Controlling the size and the activity of Fe particles for synthesis of carbon nanotubes

The properties of carbon nanotubes (CNTs) are controlled by their structure and morphology. Therefore, their selective synthesis, using catalytic chemical vapor deposition, requires precise control of a number of parameters including the size and activity of the catalyst nanoparticles. Previously, an environmental scanning transmission electron microscope (ESTEM) has been used to demonstrate that electron beam-induced decomposition (EBID) of Fe containing precursor molecules can be used to selectively deposit Fe catalyst nanoparticles that are active for CNT growth. We have extended these in situ ESTEM observations to further our understanding of the EBID parameters, such as deposition time, and substrate temperature, that control the size and placement of Fe catalyst particles for two precursors, namely diiron nonacarbonyl (Fe2(CO)9) and ferrocene (Fe(C5H5)2). We found that the diameter of deposited particles increased with increasing deposition time. Electron energy-loss spectra, collected during deposition, show the incorporation of C in the Fe particles. The C content decreased as the substrate temperature was increased and was negligible at 100 °C for Fe2(CO)9. However, C and Fe were co-deposited at all temperatures (up to 450 °C) when Fe(C5H5)2 was used as an iron source. After deposition, the substrate was heated to the CNT growth temperature in flowing hydrogen to remove the co-deposited C, which was an important step to activate the deposited Fe catalyst for the growth using acetylene. Our measurements revealed that the Fe nanoparticles fabricated from Fe2(CO)9 had higher activity for CNT growth compared to the ones fabricated using Fe(C5H5)2. We also found that the co-deposited carbon could not be removed by heating in hydrogen in the case of Fe(C5H5)2. The particles deposited from Fe(C5H5)2 at 300 °C to 450 °C formed a core–shell structure with Fe surrounded by graphitic carbon. We speculate that the reduced activity for Fe(C5H5)2 is due to the C content in the deposit.
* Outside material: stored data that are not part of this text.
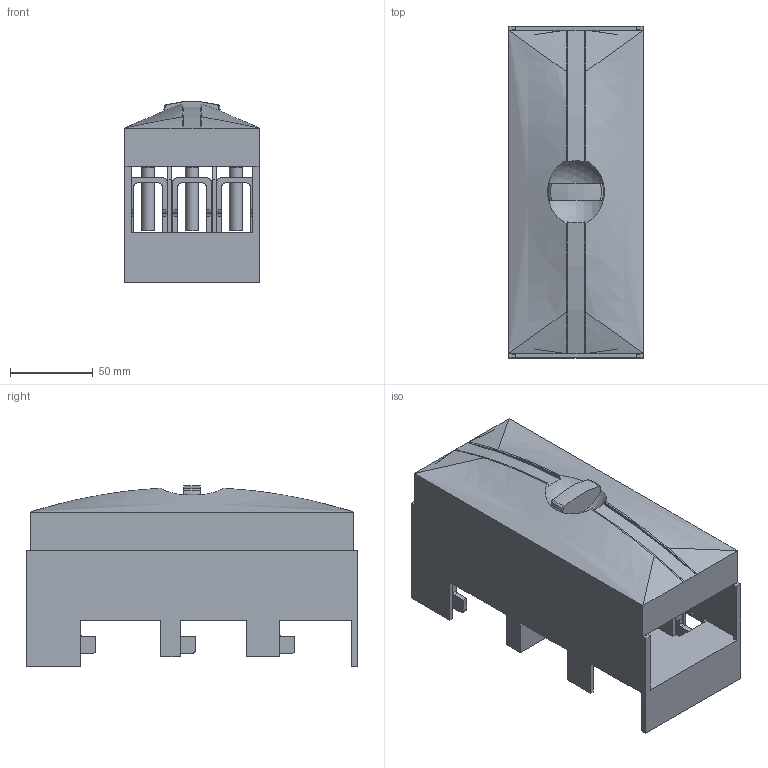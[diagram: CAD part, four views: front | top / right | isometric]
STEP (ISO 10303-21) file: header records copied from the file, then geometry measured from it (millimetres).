
FILE_DESCRIPTION((''),'2;1');
FILE_NAME('01243000.stp','2010-02-17T08:19:29',('rauch'),(''),'Autodesk Inventor 2009','Autodesk Inventor 2009','');
FILE_SCHEMA(('AUTOMOTIVE_DESIGN { 1 0 10303 214 1 1 1 1 }'));
Length unit declared in the file: millimetre
Products named in the file (7): 01243000; 79514000; 30135000; 80045000; 79515000; 79521000
Assembly tree (8 placements, depth 3):
  01243000
    79514000
    30135000  x3
      30135000
      80045000
    79515000
    79521000
Bounding box: 81 x 200 x 109.1 mm (x, y, z)
Volume: 158329 mm3; surface area: 183177 mm2
Topology: 9 solids, 9 shells, 259 faces, 707 edges, 467 vertices
Faces by surface type: plane 183, cylinder 53, bspline 17, sphere 4, torus 2
Full cylindrical faces by diameter (mm): 8 x3
Entity records: 6900 total; most frequent: CARTESIAN_POINT 2364, ORIENTED_EDGE 940, DIRECTION 840, EDGE_CURVE 470, VECTOR 354, LINE 354, VERTEX_POINT 312, AXIS2_PLACEMENT_3D 243

► We fabricated Fe catalysts for CNT growth using EBID with Fe2(CO)9 and Fe(C5H5)2.
► Electron beam location and dwell time controlled catalyst position and diameter.
► Catalysts from Fe2(CO)9 had less carbon than catalysts from Fe(C5H5)2.
► More catalysts from Fe2(CO)9 grew nanotubes compared to catalysts from Fe(C5H5)2.
► Co-deposited carbon reduces catalyst activity and must be removed during or post-deposition.